- **WHAT TO DO**: Each line below should be repeated exactly as written, with no pictures carried over.

Excerpts from a dataset
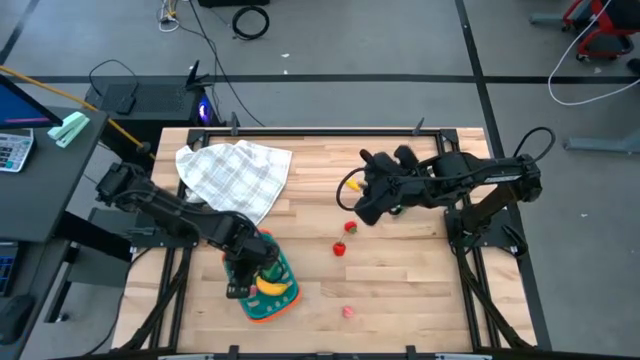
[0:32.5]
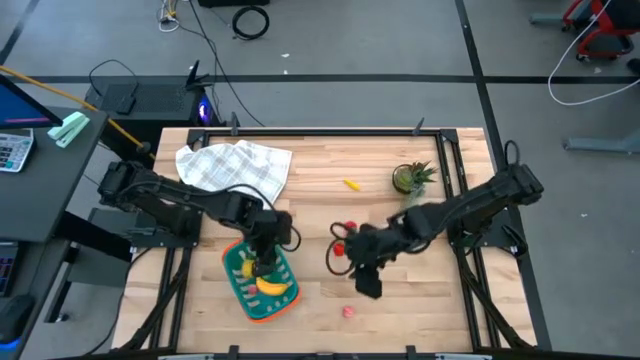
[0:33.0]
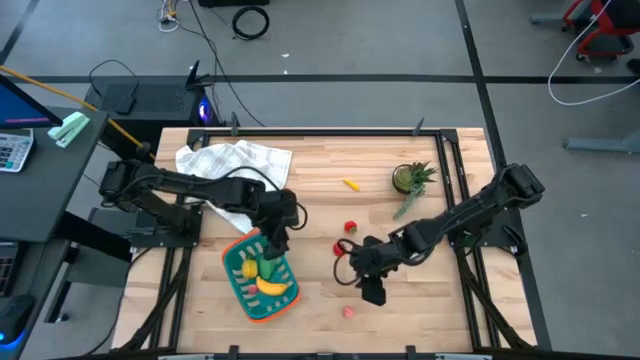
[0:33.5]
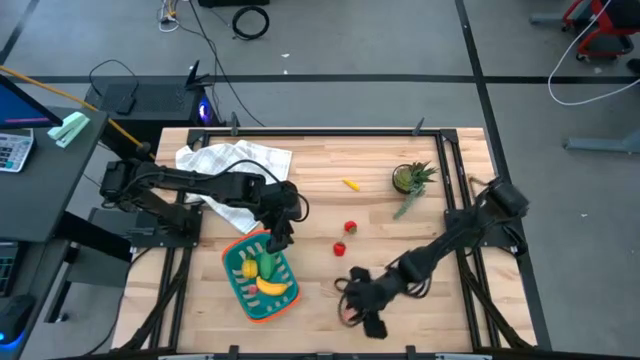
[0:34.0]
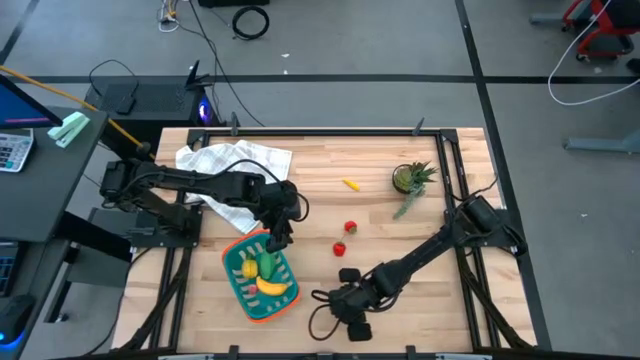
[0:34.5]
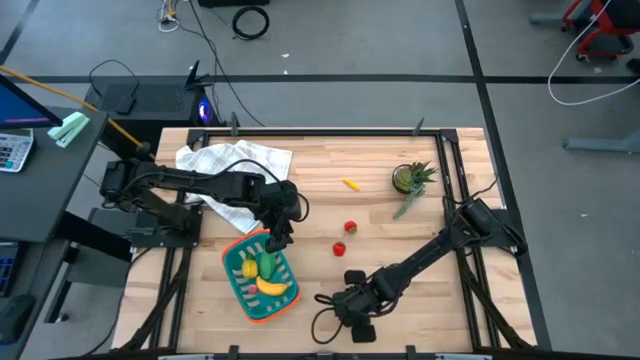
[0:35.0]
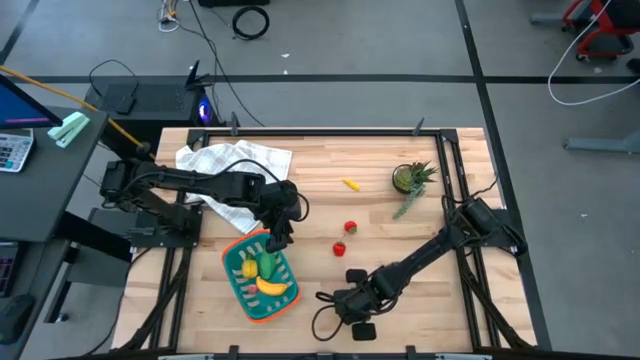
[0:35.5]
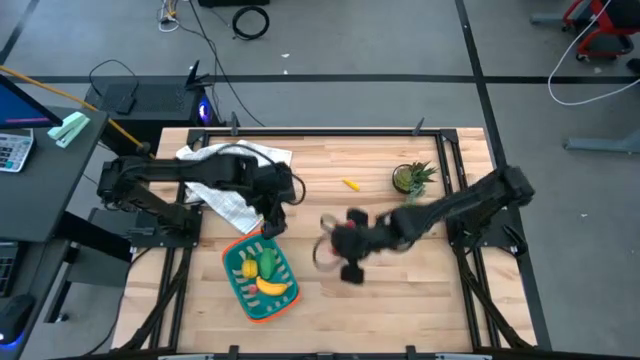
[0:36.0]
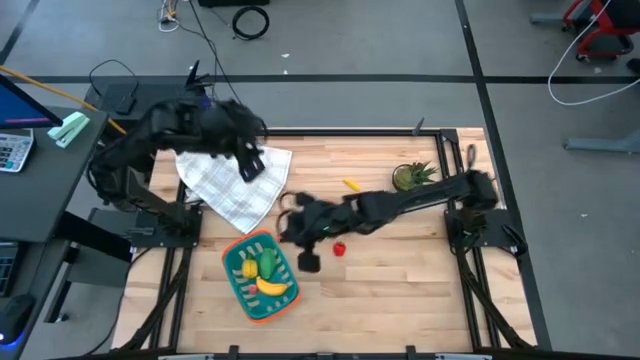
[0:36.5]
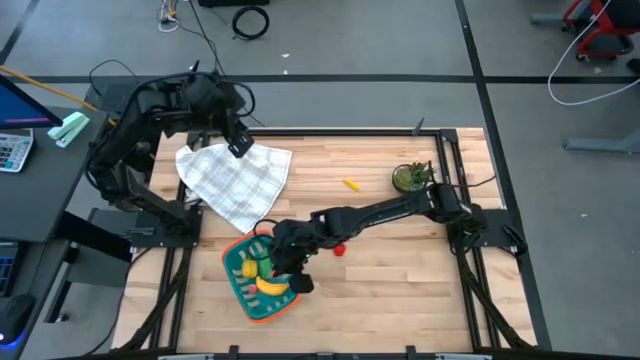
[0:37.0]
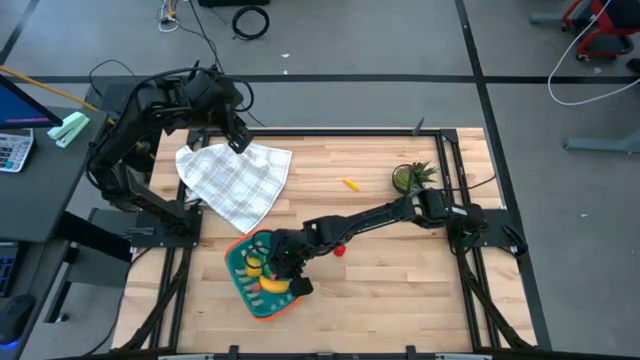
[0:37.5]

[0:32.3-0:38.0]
Task: Pick and placing Produce into tupperware
Put the pink peach into the blue basket

- **EXPECTED ANSWER**:
[0:32.5]
[0:33.0]
[0:33.5]
[0:34.0]
[0:34.5]
[0:35.0]
[0:35.5]
[0:36.0]
[0:36.5]
[0:37.0]
[0:37.5]

[0:32.3-0:38.0]
Task: Pick and placing Produce into tupperware
Put the pink peach into the blue basket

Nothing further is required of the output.